Export or delete your data (GDPR)

We support self-service data export (Article 20 - right to data portability) and self-service account deletion (Article 17 - right to erasure). Both flows are end-to-end without needing to contact support.

Export your data

Go to Settings → Data → Download My Data.

You receive a JSON file containing:

• Your account profile and preferences.
• Every organization you belong to.
• Activity logs scoped to your user.
• Work products you created (clients, projects, tasks, comments, attachments metadata).

Sensitive fields are redacted: session tokens, OAuth refresh tokens, password hashes, 2FA secrets, API key hashes. The export request itself is audit-logged.

Schedule deletion

Go to Settings → Data → Delete My Account.

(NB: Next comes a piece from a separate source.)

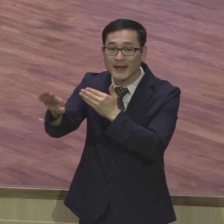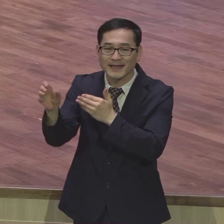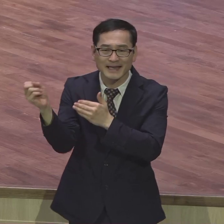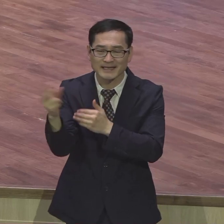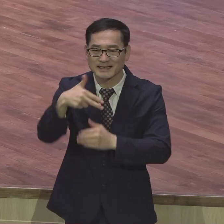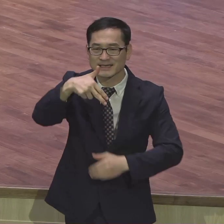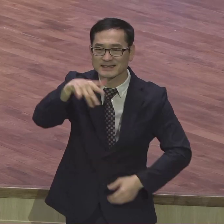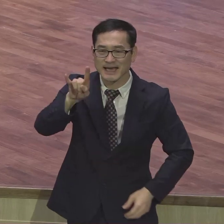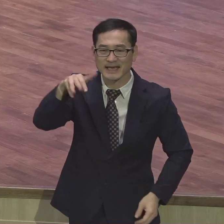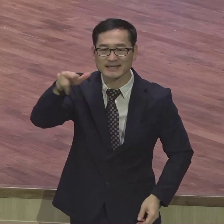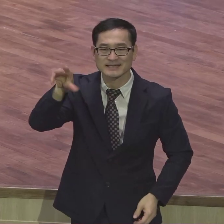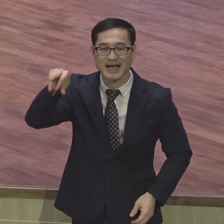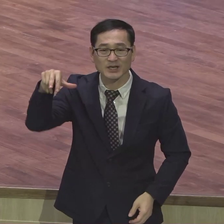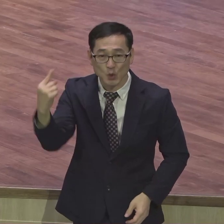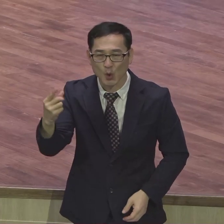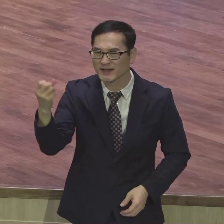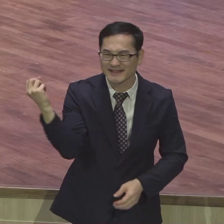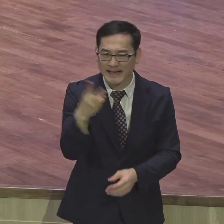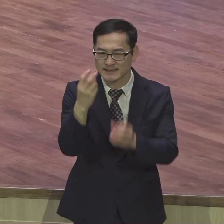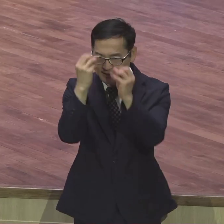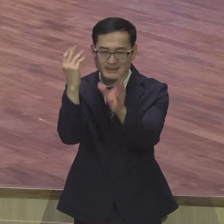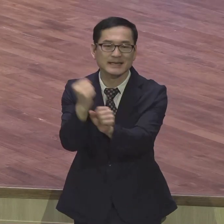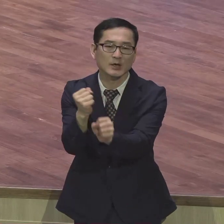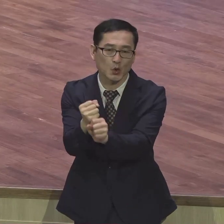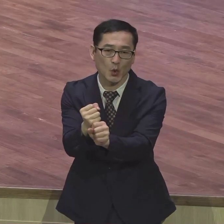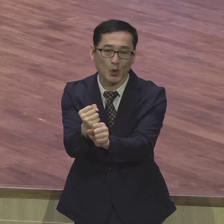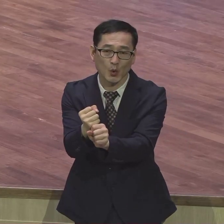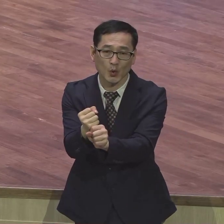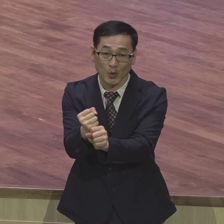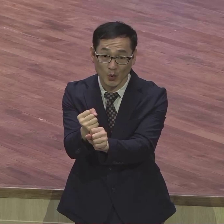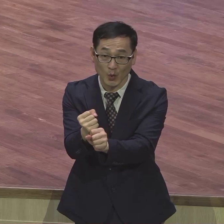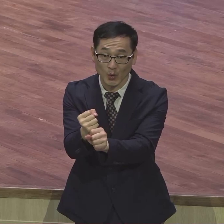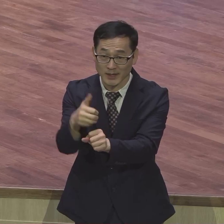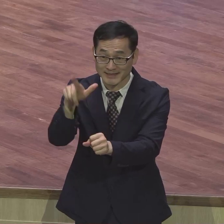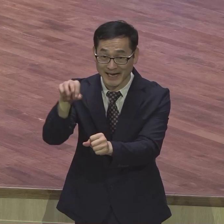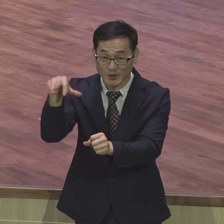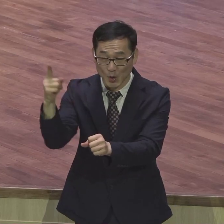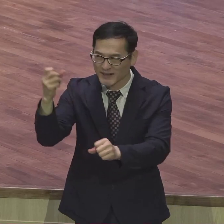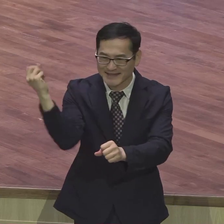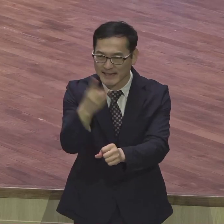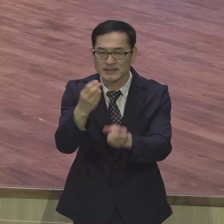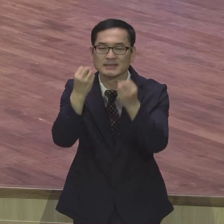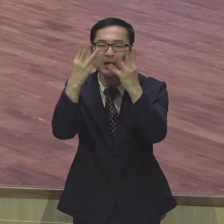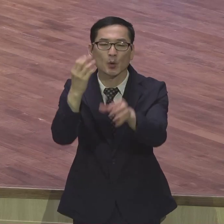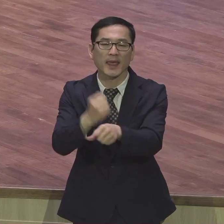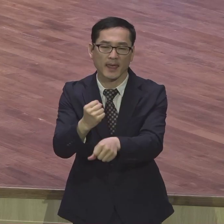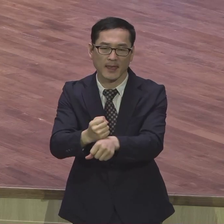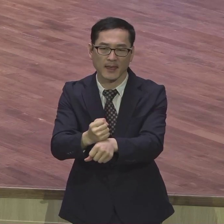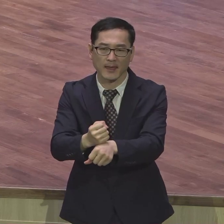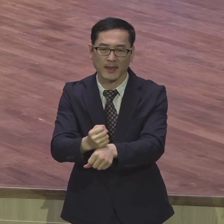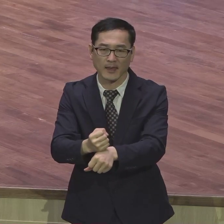창조란 말은 만들어내는 거예요 새롭게 하는 겁니다 재창조의 삶 무덤하게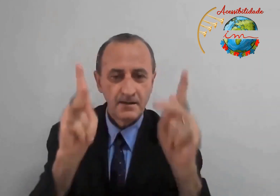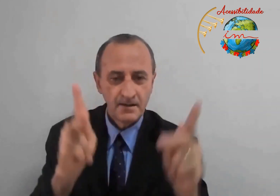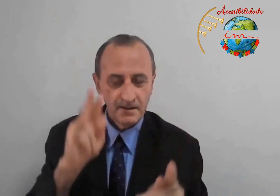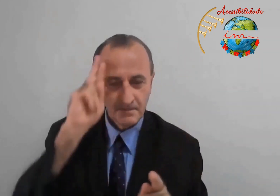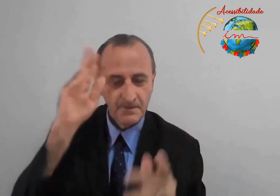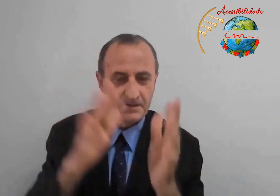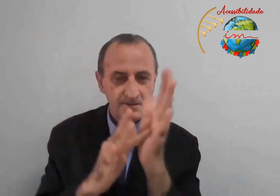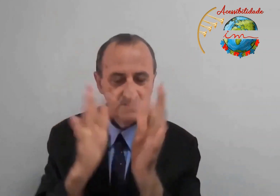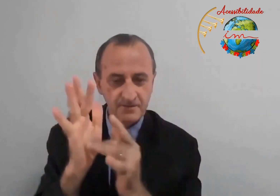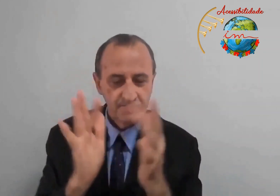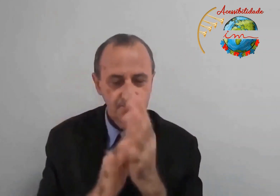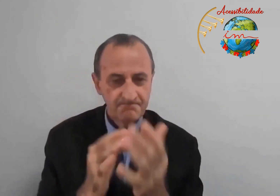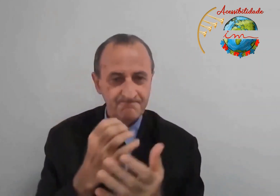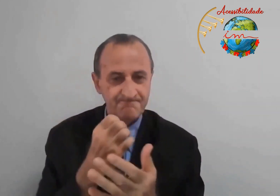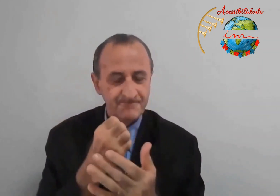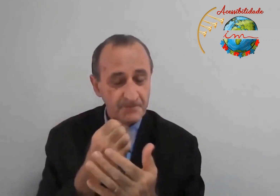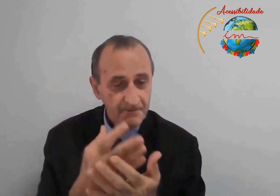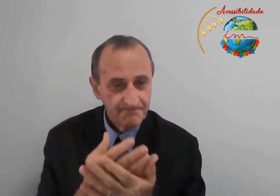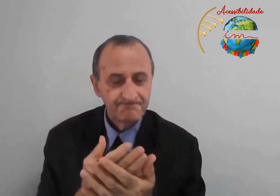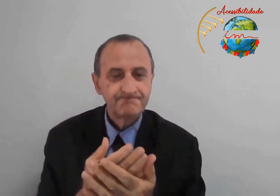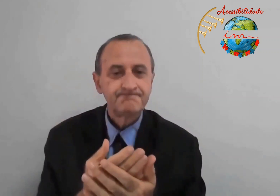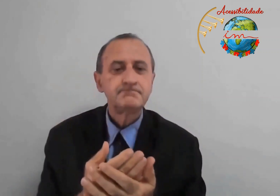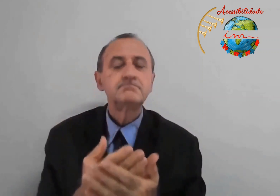A paz do Senhor Jesus, tudo bem?

Account deletion uses a 30-day grace period. During the grace period:

• A banner appears across the app showing the deletion date.
• You can sign in normally.
• You can cancel deletion from the same settings page (or the banner) with a single click.

After the grace period, a nightly cron job runs the anonymisation. We:

• NULL the foreign keys on rows you authored (so the work products remain in the workspace but are attributed to "Deleted user").
• Hard-delete your sessions, OAuth accounts, notifications, and push subscriptions.
• Replace your name and email with placeholder values.

This is irreversible.

Sole-owner blocker

If you're the sole owner of an organization with active members, deletion is blocked - you must first either transfer ownership or remove the other members. This protects the workspace from being orphaned.

Email opt-outs

Independent of account deletion, you can:

• Click "Unsubscribe" on any email - adds your address to our suppression list for non-essential mail.
• Granular opt-outs at Notifications → Preferences → Email Categories - separate toggles for product updates, billing nudges, and marketing.

Critical email (auth, billing, security) is sent regardless of opt-outs; this is required by law in most jurisdictions.